Abstract

Abstract Prior to weaning, beef calves are susceptible to a variety of traumatic, infectious, parasitic, nutritional, and metabolic diseases. Calves less than three weeks of age are particularly vulnerable to weather-related factors that may induce hypo- or hyperthermia, predation and other forms of physical injury, and metabolic diseases often related to starvation.

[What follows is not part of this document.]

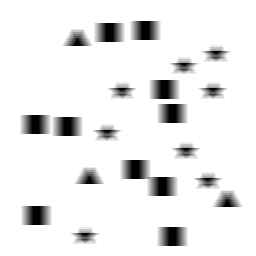
Squares: 10
Triangles: 3
Stars: 8
Total shapes: 21

The most common infectious cause of death in calves less than three weeks of age is diarrhea due to a variety of viral, bacterial, and protozoal infections. The leading cause of death in calves from 3 weeks of age to weaning is pneumonia, although parasitism and nutritional deficiencies are common causes of impaired productivity at that age. Both neonatal calf diarrhea and calf pneumonia can be explained in part by age-related susceptibility due to loss, or failure to acquire, maternal immunity from colostrum. The waning of passively-acquired maternal immunity, in the gut in the case of neonatal calf diarrhea, or systemically in the case of pneumonia, prior to the onset of a strong acquired immunity creates an age-related window of susceptibility for these two important infectious diseases of calves prior to weaning. Most pathogens associated with diarrhea or pneumonia are endemic to most cattle herds. The adult cow herd serves as the reservoir of these agents from one year to the next. Between birth and weaning, pathogens are primarily transmitted between calves by direct contact or through contaminated environmental surfaces. The incidence of both neonatal calf diarrhea and calf pneumonia are affected by population dynamics that create opportunities for effective contacts. The system of management either creates or averts the relative opportunities for all forms of calf-hood diseases, and the design of beef cattle production systems that favor disease prevention remains an important scientific endeavor.